» THE TASK
Your copy should match the records below exactly, except for the pictures.

(GIVEN RECORDS)

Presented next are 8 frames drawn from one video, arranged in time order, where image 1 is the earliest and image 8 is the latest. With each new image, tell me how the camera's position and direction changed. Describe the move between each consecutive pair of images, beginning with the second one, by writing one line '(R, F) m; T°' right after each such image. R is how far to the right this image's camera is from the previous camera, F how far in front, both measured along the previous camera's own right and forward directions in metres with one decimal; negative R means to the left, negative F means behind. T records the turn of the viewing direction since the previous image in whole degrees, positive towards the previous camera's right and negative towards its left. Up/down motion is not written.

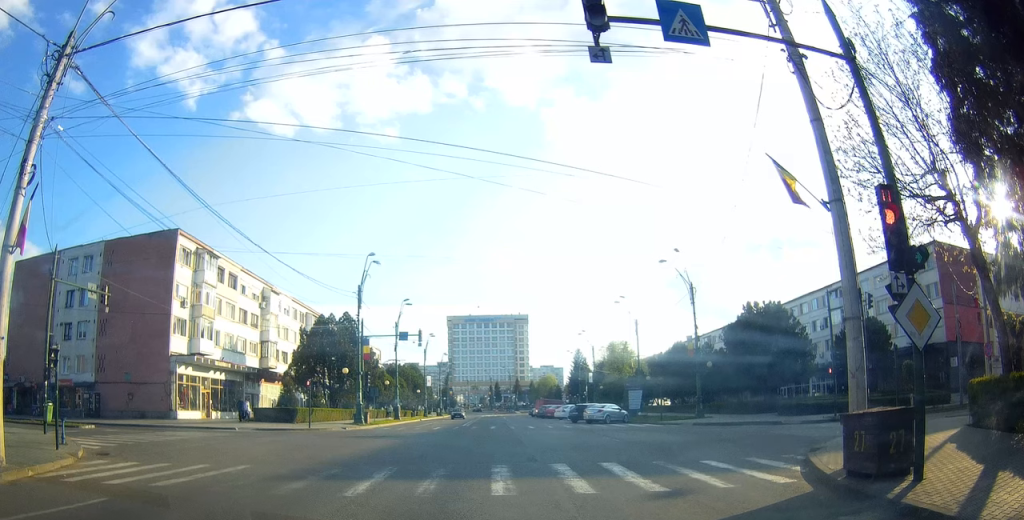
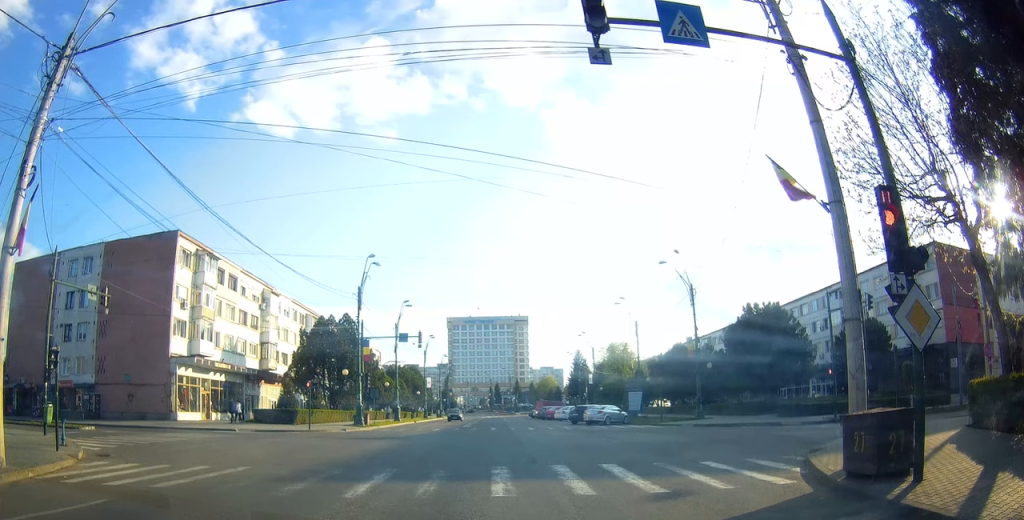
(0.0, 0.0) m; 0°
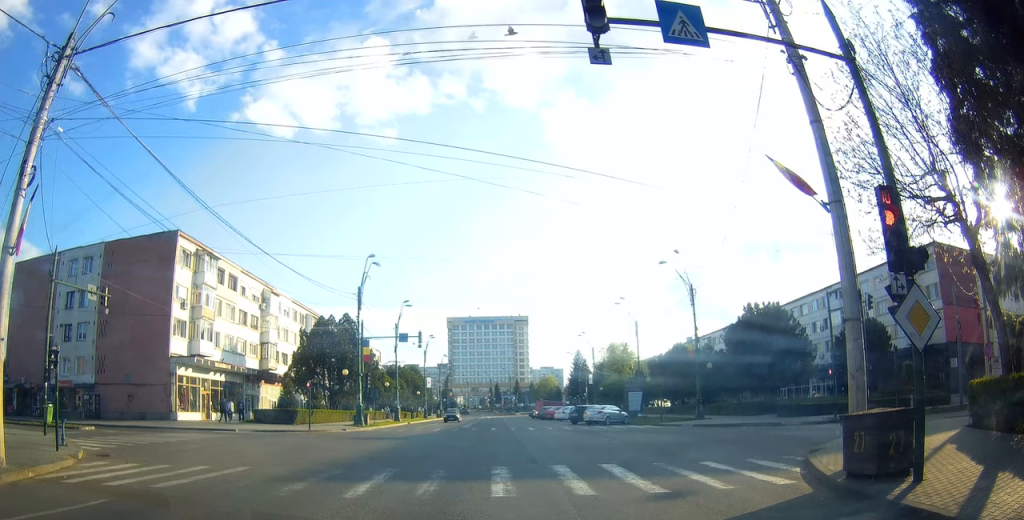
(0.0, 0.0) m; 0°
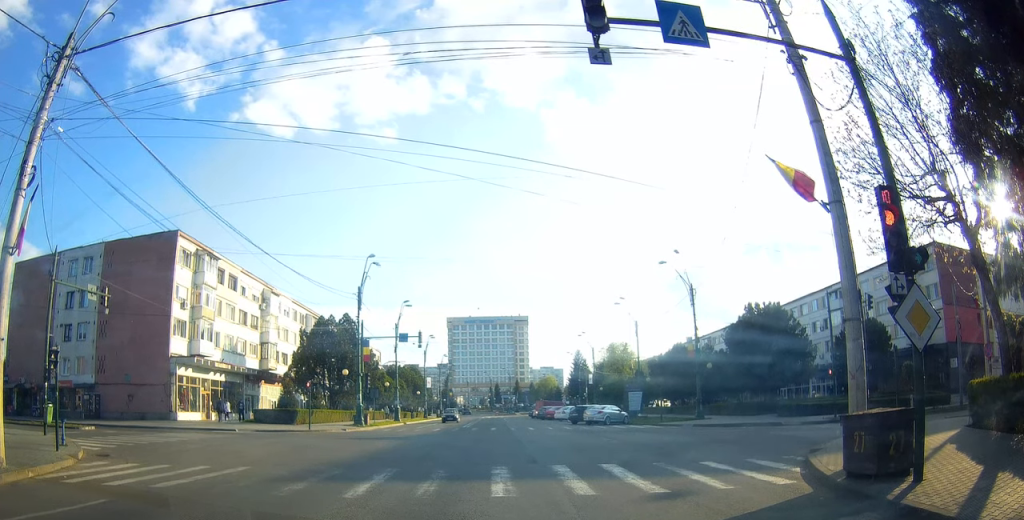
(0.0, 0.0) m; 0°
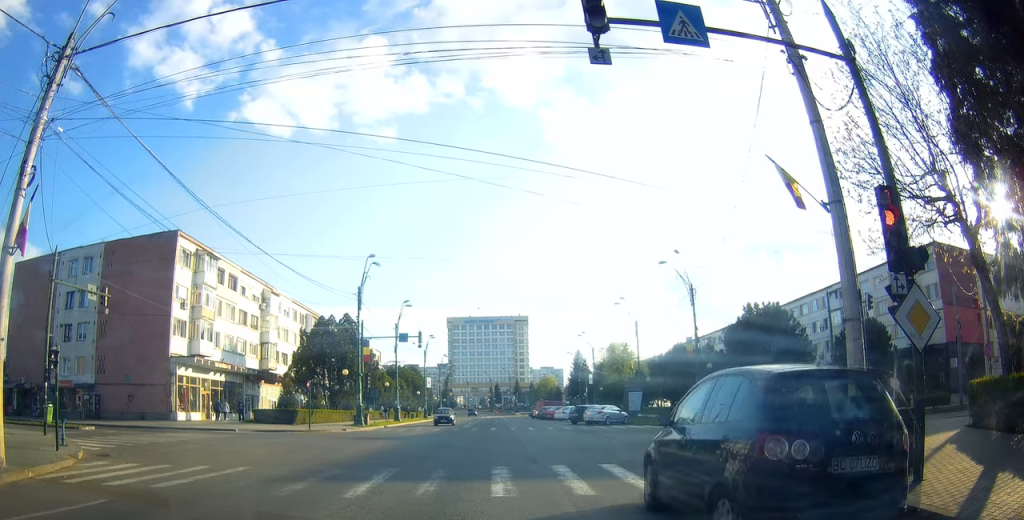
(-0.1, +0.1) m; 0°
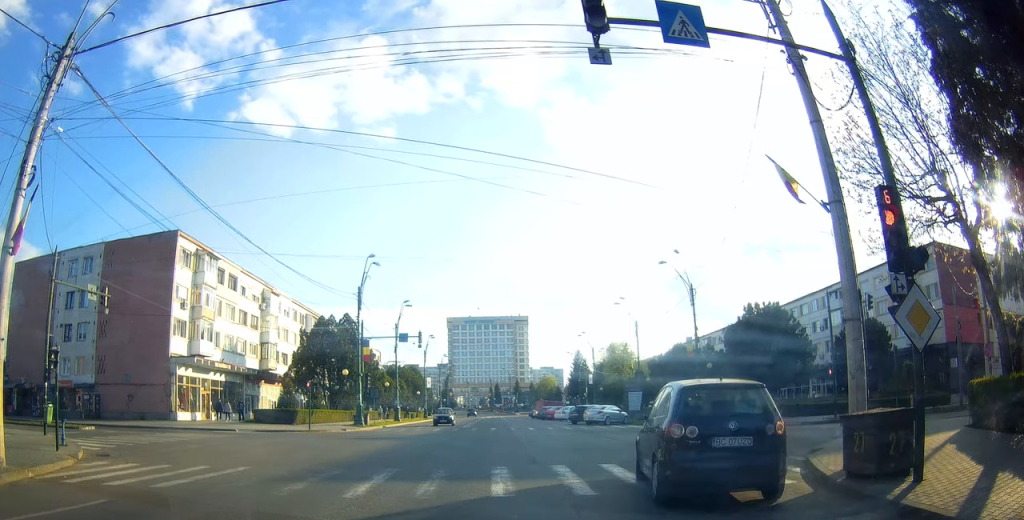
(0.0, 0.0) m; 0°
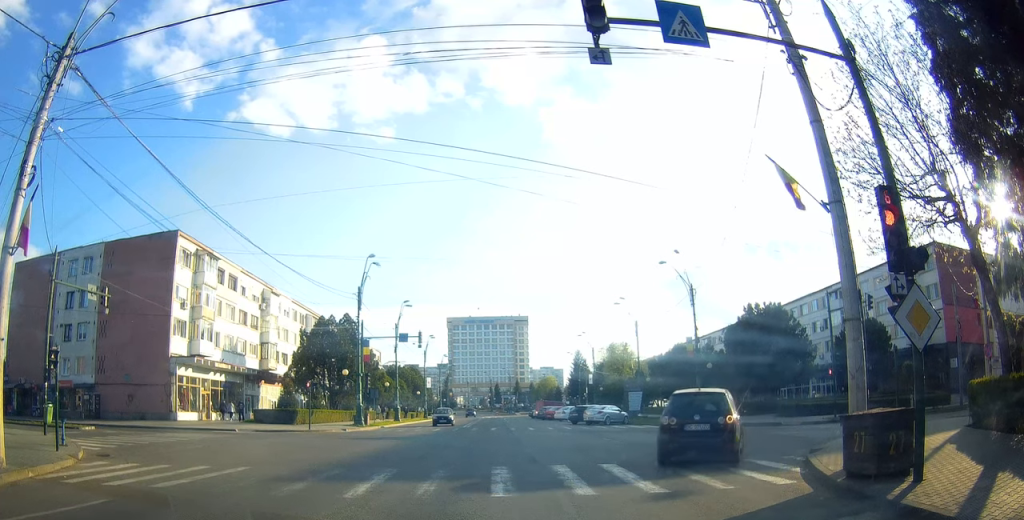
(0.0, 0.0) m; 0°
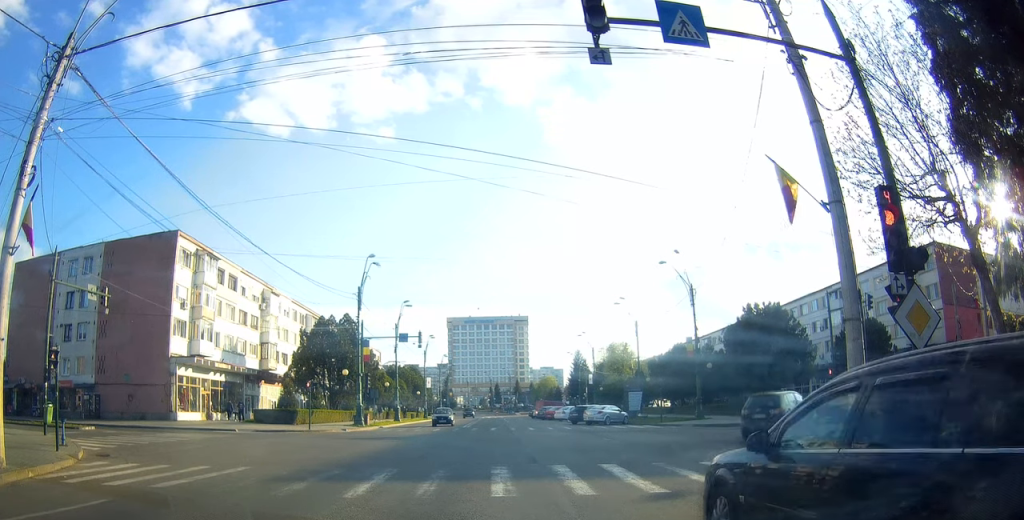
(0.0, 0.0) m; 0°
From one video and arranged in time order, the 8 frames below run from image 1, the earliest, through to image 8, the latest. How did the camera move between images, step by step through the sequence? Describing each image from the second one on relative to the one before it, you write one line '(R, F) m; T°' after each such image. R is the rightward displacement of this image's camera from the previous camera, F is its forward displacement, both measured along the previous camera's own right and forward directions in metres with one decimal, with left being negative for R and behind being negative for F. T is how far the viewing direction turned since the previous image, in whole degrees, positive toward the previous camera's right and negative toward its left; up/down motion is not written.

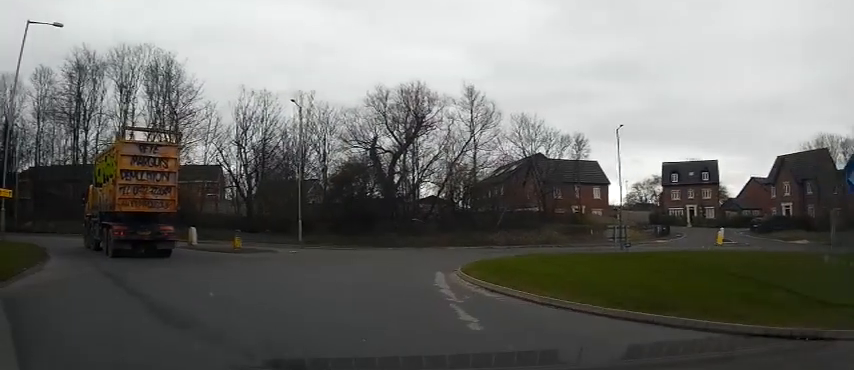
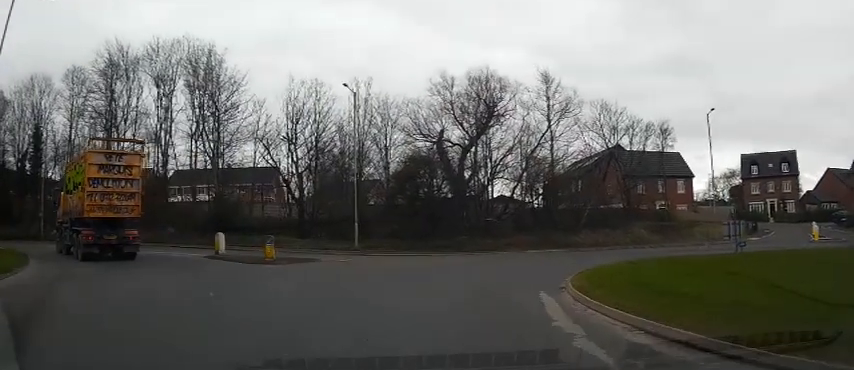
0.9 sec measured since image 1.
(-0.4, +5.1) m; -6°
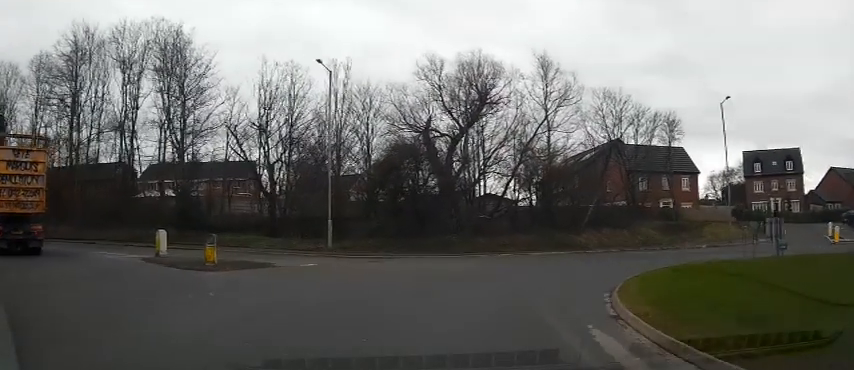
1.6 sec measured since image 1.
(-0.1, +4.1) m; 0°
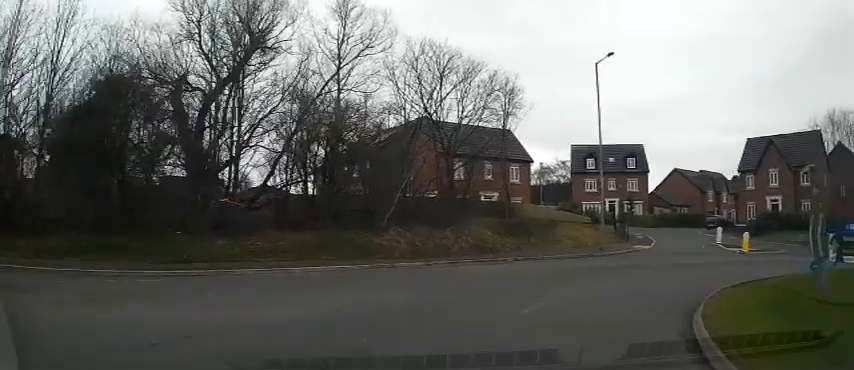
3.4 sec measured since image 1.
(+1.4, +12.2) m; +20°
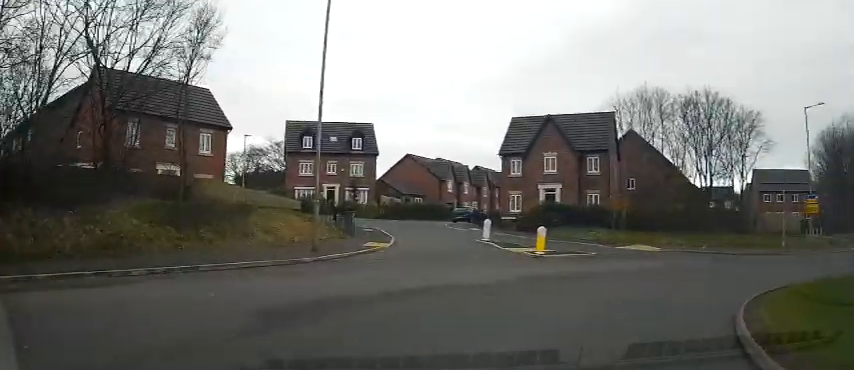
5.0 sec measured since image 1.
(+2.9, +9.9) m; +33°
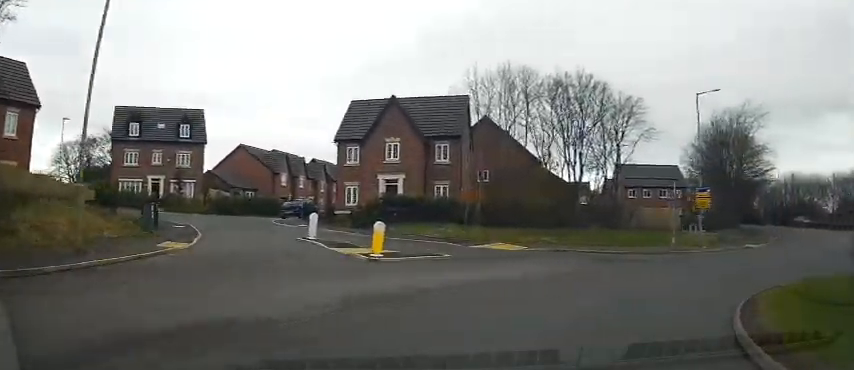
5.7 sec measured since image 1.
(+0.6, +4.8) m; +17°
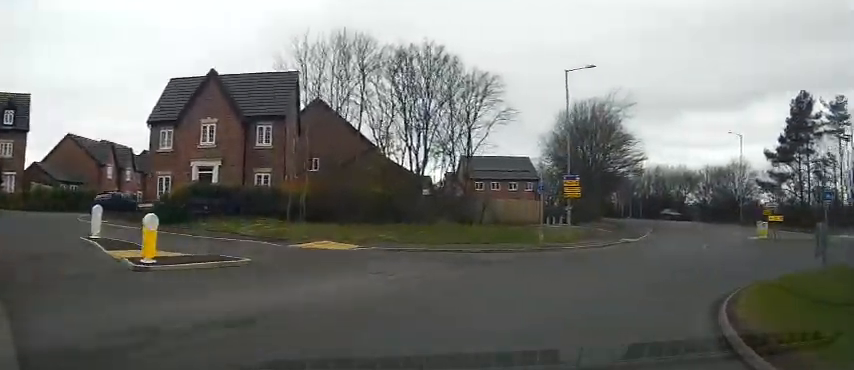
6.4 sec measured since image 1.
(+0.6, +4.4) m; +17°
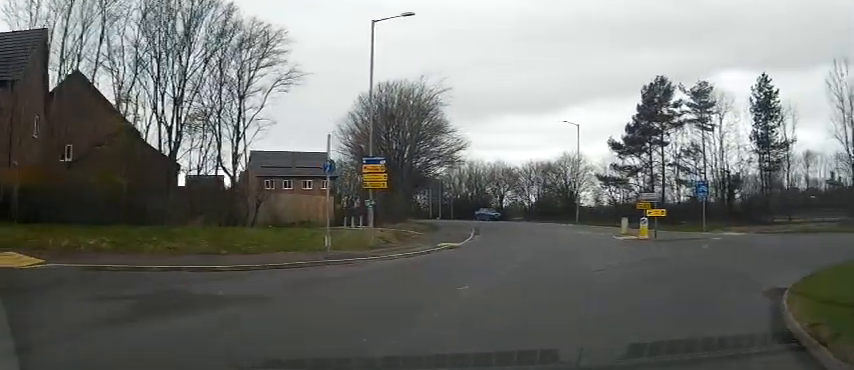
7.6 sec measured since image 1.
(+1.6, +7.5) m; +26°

(End GIVEN RECORDS)

» ANSWER SPACE
Presented next are 8 frames drawn from one video, arranged in time order, where image 1 is the earliest and image 8 is the latest. With each new image, tell me how the camera's position and direction changed. Describe the move between each consecutive pair of images, beginning with the second one, by writing one line '(R, F) m; T°' right after each such image. R is how far to the right this image's camera is from the previous camera, F how far in front, both measured along the previous camera's own right and forward directions in metres with one decimal; negative R means to the left, negative F means behind. T records the turn of the viewing direction since the previous image in whole degrees, positive towards the previous camera's right and negative towards its left. Up/down motion is not written.

(0.0, 0.0) m; 0°
(0.0, 0.0) m; 0°
(0.0, 0.0) m; 0°
(-0.1, +0.1) m; 0°
(0.0, 0.0) m; 0°
(0.0, 0.0) m; 0°
(0.0, 0.0) m; 0°
From one video and arranged in time order, the 8 frames below run from image 1, the earliest, through to image 8, the latest. How did the camera move between images, step by step through the sequence? Describing each image from the second one on relative to the one before it, you write one line '(R, F) m; T°' after each such image. R is the rightward displacement of this image's camera from the previous camera, F is its forward displacement, both measured along the previous camera's own right and forward directions in metres with one decimal, with left being negative for R and behind being negative for F. T is how far the viewing direction turned since the previous image, in whole degrees, positive toward the previous camera's right and negative toward its left; up/down motion is not written.

0.9 sec measured since image 1.
(-0.4, +5.1) m; -6°
1.6 sec measured since image 1.
(-0.1, +4.1) m; 0°
3.4 sec measured since image 1.
(+1.4, +12.2) m; +20°
5.0 sec measured since image 1.
(+2.9, +9.9) m; +33°
5.7 sec measured since image 1.
(+0.6, +4.8) m; +17°
6.4 sec measured since image 1.
(+0.6, +4.4) m; +17°
7.6 sec measured since image 1.
(+1.6, +7.5) m; +26°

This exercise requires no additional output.